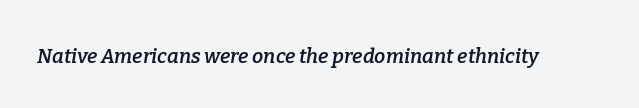
{"italic": "yes", "lean": "right", "slant_degrees": 9, "bold": "semi", "underline": "no", "letter_spacing": "normal", "letter_spacing_em": 0.0, "glyph_px": 20}
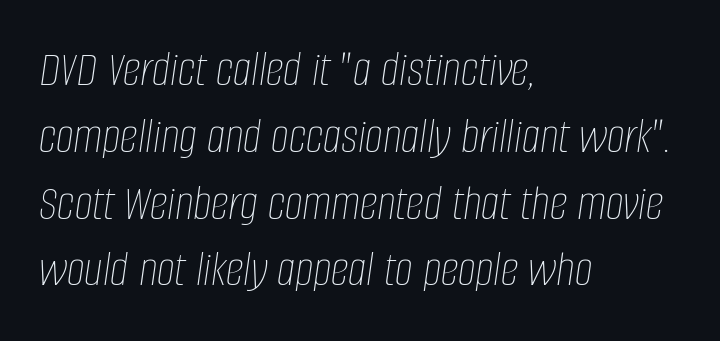
Q: Is the text bold? A: No.
Q: Is the text italic (slanted)? A: Yes, it leans right by about 8 degrees.
Q: Is the text underlined? A: No.
Q: How is the paragraph aligned? A: Left-aligned.
Q: Is the spacing between letters normal or unusually wide? A: Normal.
Q: Is the spacing between lines tight, normal or loose? A: Normal.
Q: Width (condensed, normal, or wide)? A: Condensed.
Q: Stroke contrast? A: Low.
Q: x-height? A: Large.
Q: Monospaced? A: No.
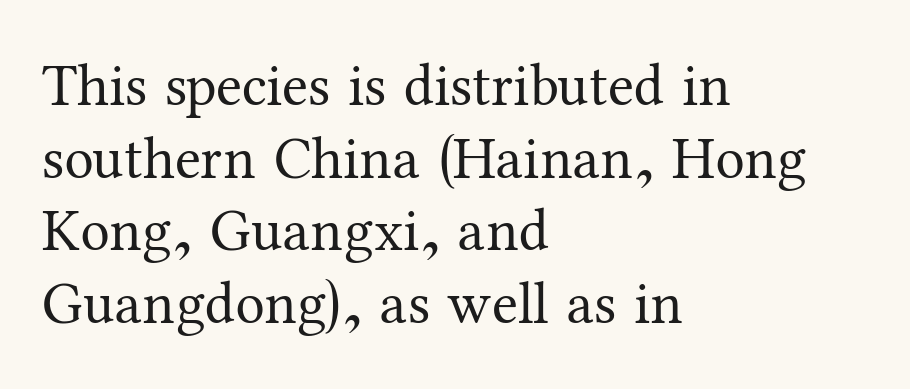
The image shows 59 px regular-weight serif type, upright; set left-aligned, line spacing 1.23x, normal letter spacing, not underlined; medium stroke contrast and a medium x-height.
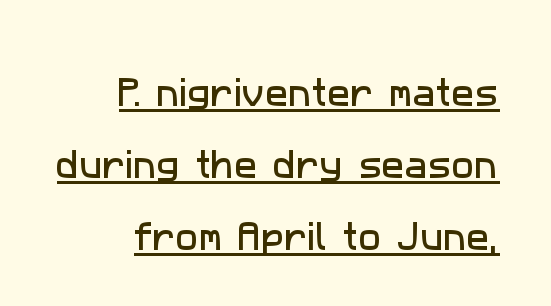
Q: Is the typeface a serif or a sans-serif typeface? A: Sans-serif.
Q: Is the text underlined? A: Yes.
Q: How is the paragraph aligned? A: Right-aligned.
Q: Is the spacing between letters normal or unusually wide? A: Normal.
Q: Is the spacing between lines tight, normal or loose? A: Loose.
Q: Width (condensed, normal, or wide)? A: Normal.
Q: Stroke contrast? A: Low.
Q: x-height? A: Medium.
Q: Monospaced? A: No.
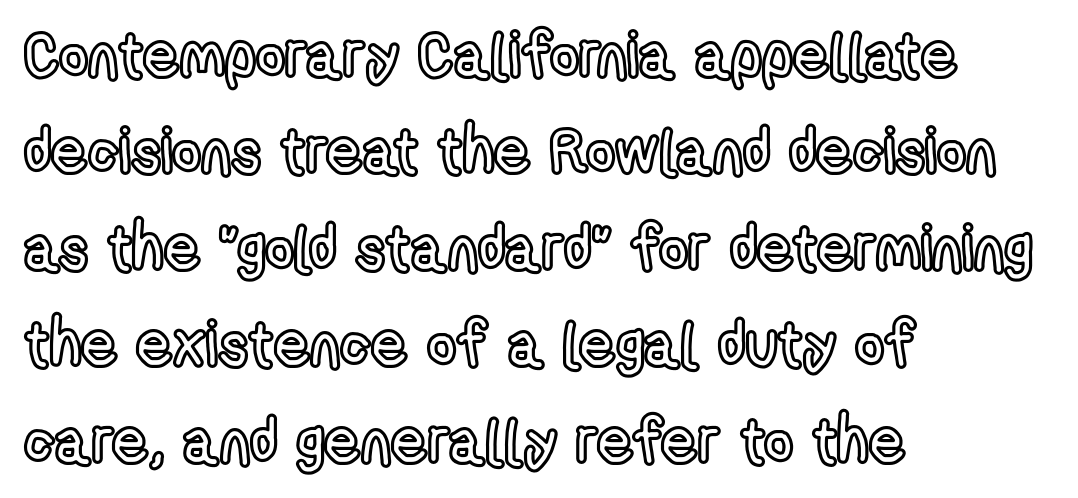
{"italic": "no", "width": "condensed", "x_height": "medium", "monospaced": "no", "underline": "no", "align": "left", "line_spacing": "normal", "line_spacing_ratio": 1.53, "letter_spacing": "normal", "letter_spacing_em": 0.0, "glyph_px": 63}
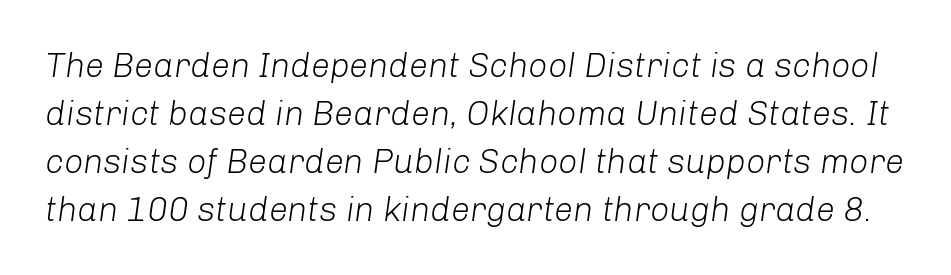
The image shows 34 px light type, italic (leaning right); set normal line spacing (1.41x), normal letter spacing, not underlined; low stroke contrast and a medium x-height.
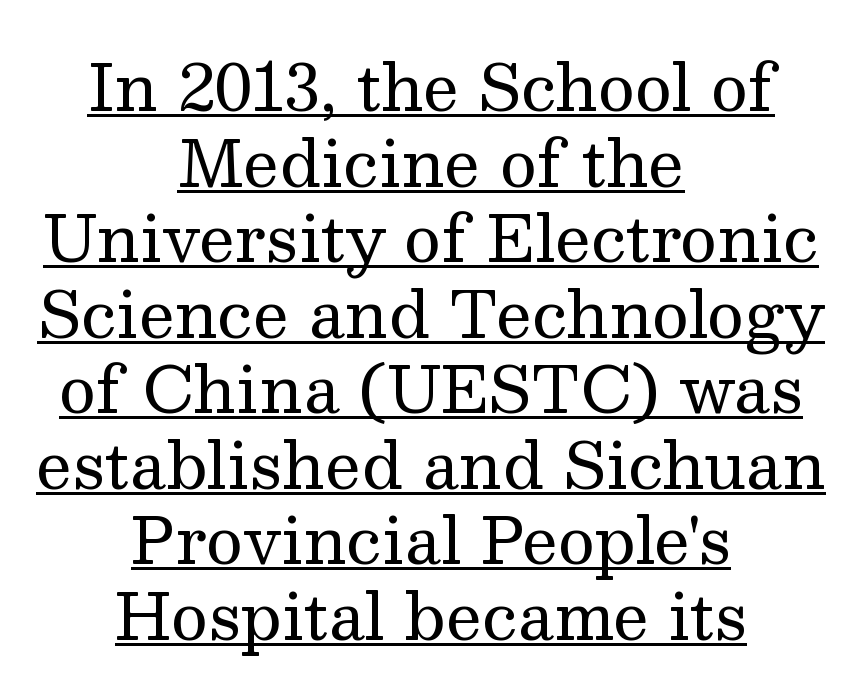
Q: Is the text bold? A: No.
Q: Is the text italic (slanted)? A: No, it is upright.
Q: Is the typeface a serif or a sans-serif typeface? A: Serif.
Q: Is the text underlined? A: Yes.
Q: How is the paragraph aligned? A: Centered.
Q: Is the spacing between letters normal or unusually wide? A: Normal.
Q: Width (condensed, normal, or wide)? A: Normal.
Q: Stroke contrast? A: Medium.
Q: x-height? A: Medium.
Q: Monospaced? A: No.
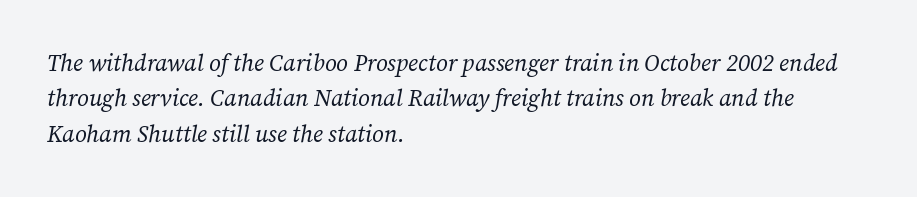
These lines stack with their left ends in a neat column. Honestly, the letter spacing is just normal — you wouldn't notice it. The space directly below the letters is spotless. The typesetting does not lean heavy: it is not bold. The passage shown stacks its lines at a standard gap.
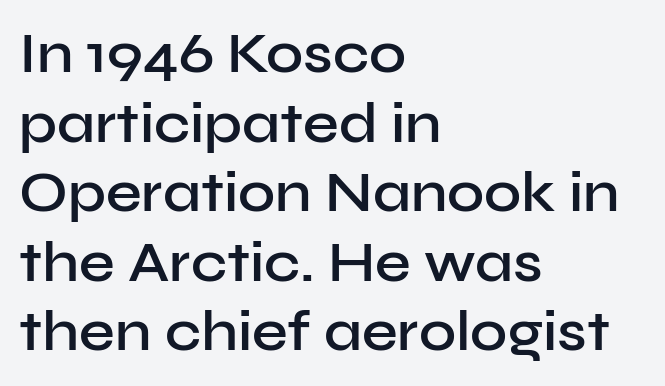
The baseline area is clear. The letters advance in unequal steps, a hallmark of proportional type. When letters stand straight like this, we call the style roman or upright. The horizontal fit of the characters is conventional and even. This is sans-serif lettering, the kind often seen on screens and signage.
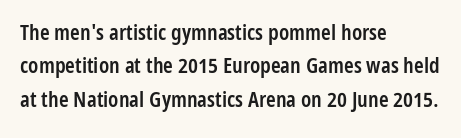
The image shows 22 px text type, upright; set left-aligned, normal line spacing (1.52x), normal letter spacing, not underlined.
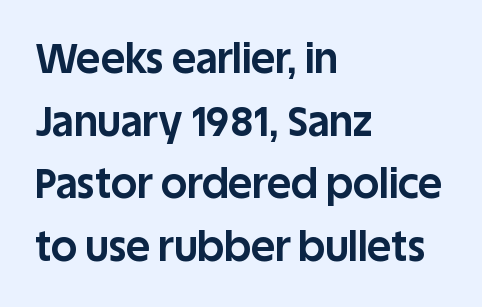
The string is rendered with underlining switched off. The typeface chosen for these lines omits serifs. Designer's note — italics off, roman on. The gaps between neighbouring characters are ordinary and unremarkable.
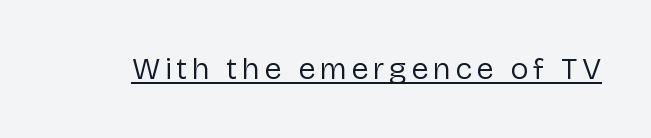
The image shows 31 px regular-weight sans-serif type, upright; set underlined; low stroke contrast and a medium x-height.

==============================

- [What the task asks]:
Leaving the pictures out, transcribe the entries above exactly as written.

- [Solution to this problem]:
{"italic": "yes", "lean": "right", "slant_degrees": 9, "bold": "semi", "underline": "no", "letter_spacing": "normal", "letter_spacing_em": 0.0, "glyph_px": 20}
Q: Is the text bold? A: No.
Q: Is the text italic (slanted)? A: Yes, it leans right by about 8 degrees.
Q: Is the text underlined? A: No.
Q: How is the paragraph aligned? A: Left-aligned.
Q: Is the spacing between letters normal or unusually wide? A: Normal.
Q: Is the spacing between lines tight, normal or loose? A: Normal.
Q: Width (condensed, normal, or wide)? A: Condensed.
Q: Stroke contrast? A: Low.
Q: x-height? A: Large.
Q: Monospaced? A: No.
The image shows 59 px regular-weight serif type, upright; set left-aligned, line spacing 1.23x, normal letter spacing, not underlined; medium stroke contrast and a medium x-height.
Q: Is the typeface a serif or a sans-serif typeface? A: Sans-serif.
Q: Is the text underlined? A: Yes.
Q: How is the paragraph aligned? A: Right-aligned.
Q: Is the spacing between letters normal or unusually wide? A: Normal.
Q: Is the spacing between lines tight, normal or loose? A: Loose.
Q: Width (condensed, normal, or wide)? A: Normal.
Q: Stroke contrast? A: Low.
Q: x-height? A: Medium.
Q: Monospaced? A: No.
{"italic": "no", "width": "condensed", "x_height": "medium", "monospaced": "no", "underline": "no", "align": "left", "line_spacing": "normal", "line_spacing_ratio": 1.53, "letter_spacing": "normal", "letter_spacing_em": 0.0, "glyph_px": 63}
The image shows 34 px light type, italic (leaning right); set normal line spacing (1.41x), normal letter spacing, not underlined; low stroke contrast and a medium x-height.
Q: Is the text bold? A: No.
Q: Is the text italic (slanted)? A: No, it is upright.
Q: Is the typeface a serif or a sans-serif typeface? A: Serif.
Q: Is the text underlined? A: Yes.
Q: How is the paragraph aligned? A: Centered.
Q: Is the spacing between letters normal or unusually wide? A: Normal.
Q: Width (condensed, normal, or wide)? A: Normal.
Q: Stroke contrast? A: Medium.
Q: x-height? A: Medium.
Q: Monospaced? A: No.
These lines stack with their left ends in a neat column. Honestly, the letter spacing is just normal — you wouldn't notice it. The space directly below the letters is spotless. The typesetting does not lean heavy: it is not bold. The passage shown stacks its lines at a standard gap.
The baseline area is clear. The letters advance in unequal steps, a hallmark of proportional type. When letters stand straight like this, we call the style roman or upright. The horizontal fit of the characters is conventional and even. This is sans-serif lettering, the kind often seen on screens and signage.
The image shows 22 px text type, upright; set left-aligned, normal line spacing (1.52x), normal letter spacing, not underlined.
The string is rendered with underlining switched off. The typeface chosen for these lines omits serifs. Designer's note — italics off, roman on. The gaps between neighbouring characters are ordinary and unremarkable.
The image shows 31 px regular-weight sans-serif type, upright; set underlined; low stroke contrast and a medium x-height.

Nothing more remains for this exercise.